Exercise instructions:
Find the string "http" in the data, then copy every line where it is found.

Extracted data entries
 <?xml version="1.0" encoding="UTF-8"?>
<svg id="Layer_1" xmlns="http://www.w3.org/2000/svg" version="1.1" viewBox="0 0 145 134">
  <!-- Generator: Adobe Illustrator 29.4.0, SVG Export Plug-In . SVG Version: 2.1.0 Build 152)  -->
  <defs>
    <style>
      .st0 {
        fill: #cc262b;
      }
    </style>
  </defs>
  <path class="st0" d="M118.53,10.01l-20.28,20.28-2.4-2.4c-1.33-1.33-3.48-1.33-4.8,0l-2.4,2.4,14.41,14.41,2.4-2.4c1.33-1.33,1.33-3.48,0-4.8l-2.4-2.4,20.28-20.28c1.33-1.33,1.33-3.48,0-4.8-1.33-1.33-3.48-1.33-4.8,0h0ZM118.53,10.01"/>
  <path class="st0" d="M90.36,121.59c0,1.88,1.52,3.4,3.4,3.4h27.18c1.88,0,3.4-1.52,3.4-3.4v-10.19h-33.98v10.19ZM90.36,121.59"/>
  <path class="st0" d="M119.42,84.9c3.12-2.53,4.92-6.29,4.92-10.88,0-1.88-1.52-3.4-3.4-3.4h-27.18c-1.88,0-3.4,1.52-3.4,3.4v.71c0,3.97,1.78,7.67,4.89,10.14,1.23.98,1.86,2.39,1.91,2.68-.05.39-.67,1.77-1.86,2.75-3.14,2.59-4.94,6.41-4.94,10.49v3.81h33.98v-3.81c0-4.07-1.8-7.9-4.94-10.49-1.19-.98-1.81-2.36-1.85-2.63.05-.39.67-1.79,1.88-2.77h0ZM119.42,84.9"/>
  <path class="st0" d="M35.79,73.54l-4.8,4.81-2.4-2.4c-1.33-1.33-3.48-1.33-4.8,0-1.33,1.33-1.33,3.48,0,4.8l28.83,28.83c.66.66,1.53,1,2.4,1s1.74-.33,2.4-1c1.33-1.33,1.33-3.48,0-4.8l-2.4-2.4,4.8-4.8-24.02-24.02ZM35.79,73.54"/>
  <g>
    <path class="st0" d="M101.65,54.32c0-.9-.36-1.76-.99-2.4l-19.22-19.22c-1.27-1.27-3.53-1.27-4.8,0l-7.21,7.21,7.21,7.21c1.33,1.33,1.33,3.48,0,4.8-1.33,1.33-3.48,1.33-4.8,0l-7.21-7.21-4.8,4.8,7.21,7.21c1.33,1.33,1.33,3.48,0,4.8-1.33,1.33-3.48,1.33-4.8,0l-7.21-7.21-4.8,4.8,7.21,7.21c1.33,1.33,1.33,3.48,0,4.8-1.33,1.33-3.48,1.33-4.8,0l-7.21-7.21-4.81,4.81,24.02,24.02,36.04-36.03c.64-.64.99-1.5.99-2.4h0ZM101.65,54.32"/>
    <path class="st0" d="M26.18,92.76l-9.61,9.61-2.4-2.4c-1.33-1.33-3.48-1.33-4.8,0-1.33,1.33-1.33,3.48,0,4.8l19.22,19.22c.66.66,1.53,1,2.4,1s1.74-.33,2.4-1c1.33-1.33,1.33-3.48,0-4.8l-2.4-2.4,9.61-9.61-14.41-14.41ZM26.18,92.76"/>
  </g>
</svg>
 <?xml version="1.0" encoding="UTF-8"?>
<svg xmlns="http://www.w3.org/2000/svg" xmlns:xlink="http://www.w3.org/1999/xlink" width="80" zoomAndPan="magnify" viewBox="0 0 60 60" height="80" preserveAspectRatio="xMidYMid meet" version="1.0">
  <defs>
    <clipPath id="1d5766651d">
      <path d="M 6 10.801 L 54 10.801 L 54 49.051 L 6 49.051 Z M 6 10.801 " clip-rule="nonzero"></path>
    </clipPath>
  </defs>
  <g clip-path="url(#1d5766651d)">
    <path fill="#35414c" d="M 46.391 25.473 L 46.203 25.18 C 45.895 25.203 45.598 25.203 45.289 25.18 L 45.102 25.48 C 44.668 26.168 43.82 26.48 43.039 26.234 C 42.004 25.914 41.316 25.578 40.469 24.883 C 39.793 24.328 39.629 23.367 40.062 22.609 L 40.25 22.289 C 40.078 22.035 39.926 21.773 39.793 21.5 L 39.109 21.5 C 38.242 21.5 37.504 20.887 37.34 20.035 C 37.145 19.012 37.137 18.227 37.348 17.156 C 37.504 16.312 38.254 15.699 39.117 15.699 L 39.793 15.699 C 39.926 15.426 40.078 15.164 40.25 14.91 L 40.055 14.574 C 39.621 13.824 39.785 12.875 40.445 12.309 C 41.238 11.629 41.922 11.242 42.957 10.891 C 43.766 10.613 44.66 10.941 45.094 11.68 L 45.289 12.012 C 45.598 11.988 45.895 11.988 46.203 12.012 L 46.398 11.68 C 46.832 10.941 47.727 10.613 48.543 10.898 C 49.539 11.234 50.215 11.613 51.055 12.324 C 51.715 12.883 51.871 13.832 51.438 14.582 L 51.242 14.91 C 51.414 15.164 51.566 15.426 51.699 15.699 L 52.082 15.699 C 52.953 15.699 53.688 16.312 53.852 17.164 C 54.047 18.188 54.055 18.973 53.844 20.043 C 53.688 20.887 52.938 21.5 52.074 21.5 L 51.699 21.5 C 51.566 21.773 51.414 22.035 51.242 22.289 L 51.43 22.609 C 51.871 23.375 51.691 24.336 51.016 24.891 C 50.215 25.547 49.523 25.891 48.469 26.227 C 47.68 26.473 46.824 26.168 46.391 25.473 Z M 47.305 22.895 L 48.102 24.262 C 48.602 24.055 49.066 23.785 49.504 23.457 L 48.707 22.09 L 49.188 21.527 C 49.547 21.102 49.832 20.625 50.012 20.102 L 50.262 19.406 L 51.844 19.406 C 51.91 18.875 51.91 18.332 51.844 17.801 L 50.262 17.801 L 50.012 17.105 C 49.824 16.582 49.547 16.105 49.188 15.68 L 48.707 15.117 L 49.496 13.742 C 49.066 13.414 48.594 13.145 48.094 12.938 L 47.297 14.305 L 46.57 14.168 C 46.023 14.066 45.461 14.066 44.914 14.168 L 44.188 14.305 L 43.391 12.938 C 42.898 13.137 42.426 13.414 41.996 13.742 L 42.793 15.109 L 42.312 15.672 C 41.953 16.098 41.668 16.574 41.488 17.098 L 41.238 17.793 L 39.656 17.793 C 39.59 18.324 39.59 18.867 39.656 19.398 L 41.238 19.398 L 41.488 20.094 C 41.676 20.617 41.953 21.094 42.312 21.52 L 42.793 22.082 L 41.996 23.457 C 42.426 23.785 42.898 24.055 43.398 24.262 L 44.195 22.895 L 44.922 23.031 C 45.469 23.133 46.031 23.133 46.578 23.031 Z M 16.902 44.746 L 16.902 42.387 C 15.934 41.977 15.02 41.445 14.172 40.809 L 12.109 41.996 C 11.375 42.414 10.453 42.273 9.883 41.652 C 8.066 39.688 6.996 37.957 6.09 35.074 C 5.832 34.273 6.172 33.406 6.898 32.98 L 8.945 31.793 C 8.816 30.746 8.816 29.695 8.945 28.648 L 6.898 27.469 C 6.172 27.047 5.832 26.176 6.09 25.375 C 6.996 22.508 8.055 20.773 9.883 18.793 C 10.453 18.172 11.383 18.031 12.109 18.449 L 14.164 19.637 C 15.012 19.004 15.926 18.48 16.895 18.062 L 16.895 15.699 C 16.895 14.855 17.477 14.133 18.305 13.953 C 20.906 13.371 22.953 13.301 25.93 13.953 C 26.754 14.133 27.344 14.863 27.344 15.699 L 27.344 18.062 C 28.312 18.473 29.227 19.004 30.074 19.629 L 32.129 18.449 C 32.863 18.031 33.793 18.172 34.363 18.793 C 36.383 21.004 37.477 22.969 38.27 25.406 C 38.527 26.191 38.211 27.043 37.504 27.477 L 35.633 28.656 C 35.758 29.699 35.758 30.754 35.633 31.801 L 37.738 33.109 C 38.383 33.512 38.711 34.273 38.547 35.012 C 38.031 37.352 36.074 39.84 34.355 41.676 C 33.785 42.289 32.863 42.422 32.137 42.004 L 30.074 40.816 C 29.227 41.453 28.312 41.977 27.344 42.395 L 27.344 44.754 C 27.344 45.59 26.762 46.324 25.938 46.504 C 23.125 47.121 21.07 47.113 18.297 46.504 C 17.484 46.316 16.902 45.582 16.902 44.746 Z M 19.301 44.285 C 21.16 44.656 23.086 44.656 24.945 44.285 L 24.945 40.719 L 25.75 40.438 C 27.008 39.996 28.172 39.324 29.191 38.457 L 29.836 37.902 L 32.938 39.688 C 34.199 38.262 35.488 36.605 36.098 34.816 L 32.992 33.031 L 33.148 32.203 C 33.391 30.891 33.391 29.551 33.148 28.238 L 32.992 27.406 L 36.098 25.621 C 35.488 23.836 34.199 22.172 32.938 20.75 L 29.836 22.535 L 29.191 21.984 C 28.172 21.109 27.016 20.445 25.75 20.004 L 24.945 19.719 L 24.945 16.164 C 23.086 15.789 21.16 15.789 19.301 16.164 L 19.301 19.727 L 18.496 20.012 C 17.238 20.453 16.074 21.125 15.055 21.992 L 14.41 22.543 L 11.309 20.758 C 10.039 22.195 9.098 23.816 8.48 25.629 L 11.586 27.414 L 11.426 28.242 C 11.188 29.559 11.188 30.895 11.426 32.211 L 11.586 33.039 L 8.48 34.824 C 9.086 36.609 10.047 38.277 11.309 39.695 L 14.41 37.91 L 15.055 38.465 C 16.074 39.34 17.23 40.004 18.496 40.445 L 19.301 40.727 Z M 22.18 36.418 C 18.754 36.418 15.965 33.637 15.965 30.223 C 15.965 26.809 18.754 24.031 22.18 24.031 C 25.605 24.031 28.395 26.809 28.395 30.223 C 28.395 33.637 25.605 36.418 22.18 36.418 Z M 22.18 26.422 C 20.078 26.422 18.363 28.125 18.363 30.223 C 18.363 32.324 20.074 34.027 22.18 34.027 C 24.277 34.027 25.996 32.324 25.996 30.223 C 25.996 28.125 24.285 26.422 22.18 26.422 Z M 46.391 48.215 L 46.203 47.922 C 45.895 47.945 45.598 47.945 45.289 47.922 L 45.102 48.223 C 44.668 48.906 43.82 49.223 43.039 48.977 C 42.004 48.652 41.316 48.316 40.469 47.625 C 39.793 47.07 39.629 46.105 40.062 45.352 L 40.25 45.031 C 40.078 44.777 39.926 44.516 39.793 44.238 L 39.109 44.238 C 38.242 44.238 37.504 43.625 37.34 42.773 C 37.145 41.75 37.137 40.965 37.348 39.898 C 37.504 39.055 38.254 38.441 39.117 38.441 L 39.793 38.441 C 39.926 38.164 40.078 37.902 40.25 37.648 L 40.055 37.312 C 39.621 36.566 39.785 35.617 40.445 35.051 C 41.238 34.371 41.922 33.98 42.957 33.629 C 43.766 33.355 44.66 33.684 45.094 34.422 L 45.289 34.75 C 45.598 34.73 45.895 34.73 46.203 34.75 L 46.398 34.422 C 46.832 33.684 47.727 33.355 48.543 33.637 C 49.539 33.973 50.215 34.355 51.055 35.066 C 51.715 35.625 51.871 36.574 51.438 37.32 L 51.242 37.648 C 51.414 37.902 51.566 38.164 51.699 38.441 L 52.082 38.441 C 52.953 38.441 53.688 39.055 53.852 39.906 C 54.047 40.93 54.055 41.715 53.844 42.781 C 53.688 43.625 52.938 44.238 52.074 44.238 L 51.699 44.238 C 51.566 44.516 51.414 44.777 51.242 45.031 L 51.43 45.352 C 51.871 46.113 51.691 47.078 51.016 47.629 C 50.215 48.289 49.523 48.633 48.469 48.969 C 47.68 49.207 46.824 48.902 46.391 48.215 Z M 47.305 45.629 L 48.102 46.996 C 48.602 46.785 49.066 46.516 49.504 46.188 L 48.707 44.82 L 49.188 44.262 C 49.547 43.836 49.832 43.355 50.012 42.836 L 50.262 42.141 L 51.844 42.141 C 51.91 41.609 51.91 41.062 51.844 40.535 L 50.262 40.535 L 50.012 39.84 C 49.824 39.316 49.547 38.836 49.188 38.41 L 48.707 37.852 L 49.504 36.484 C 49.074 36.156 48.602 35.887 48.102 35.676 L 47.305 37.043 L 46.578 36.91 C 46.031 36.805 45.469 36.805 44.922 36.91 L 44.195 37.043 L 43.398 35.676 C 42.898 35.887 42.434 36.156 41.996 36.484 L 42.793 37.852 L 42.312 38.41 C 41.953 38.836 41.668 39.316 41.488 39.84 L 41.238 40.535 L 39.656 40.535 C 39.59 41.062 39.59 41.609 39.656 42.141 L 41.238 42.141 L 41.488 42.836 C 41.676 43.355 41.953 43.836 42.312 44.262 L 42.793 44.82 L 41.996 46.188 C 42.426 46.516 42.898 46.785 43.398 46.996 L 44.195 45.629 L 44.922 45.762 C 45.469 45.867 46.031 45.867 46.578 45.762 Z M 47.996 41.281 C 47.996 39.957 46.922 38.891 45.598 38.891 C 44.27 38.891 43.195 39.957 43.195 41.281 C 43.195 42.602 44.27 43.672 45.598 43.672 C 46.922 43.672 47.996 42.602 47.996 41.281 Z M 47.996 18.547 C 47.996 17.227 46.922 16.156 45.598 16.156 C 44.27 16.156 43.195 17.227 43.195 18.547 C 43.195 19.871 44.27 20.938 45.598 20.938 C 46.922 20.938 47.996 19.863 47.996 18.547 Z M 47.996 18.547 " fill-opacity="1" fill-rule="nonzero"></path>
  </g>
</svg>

Result of the task:
<svg id="Layer_1" xmlns="http://www.w3.org/2000/svg" version="1.1" viewBox="0 0 145 134">
<svg xmlns="http://www.w3.org/2000/svg" xmlns:xlink="http://www.w3.org/1999/xlink" width="80" zoomAndPan="magnify" viewBox="0 0 60 60" height="80" preserveAspectRatio="xMidYMid meet" version="1.0">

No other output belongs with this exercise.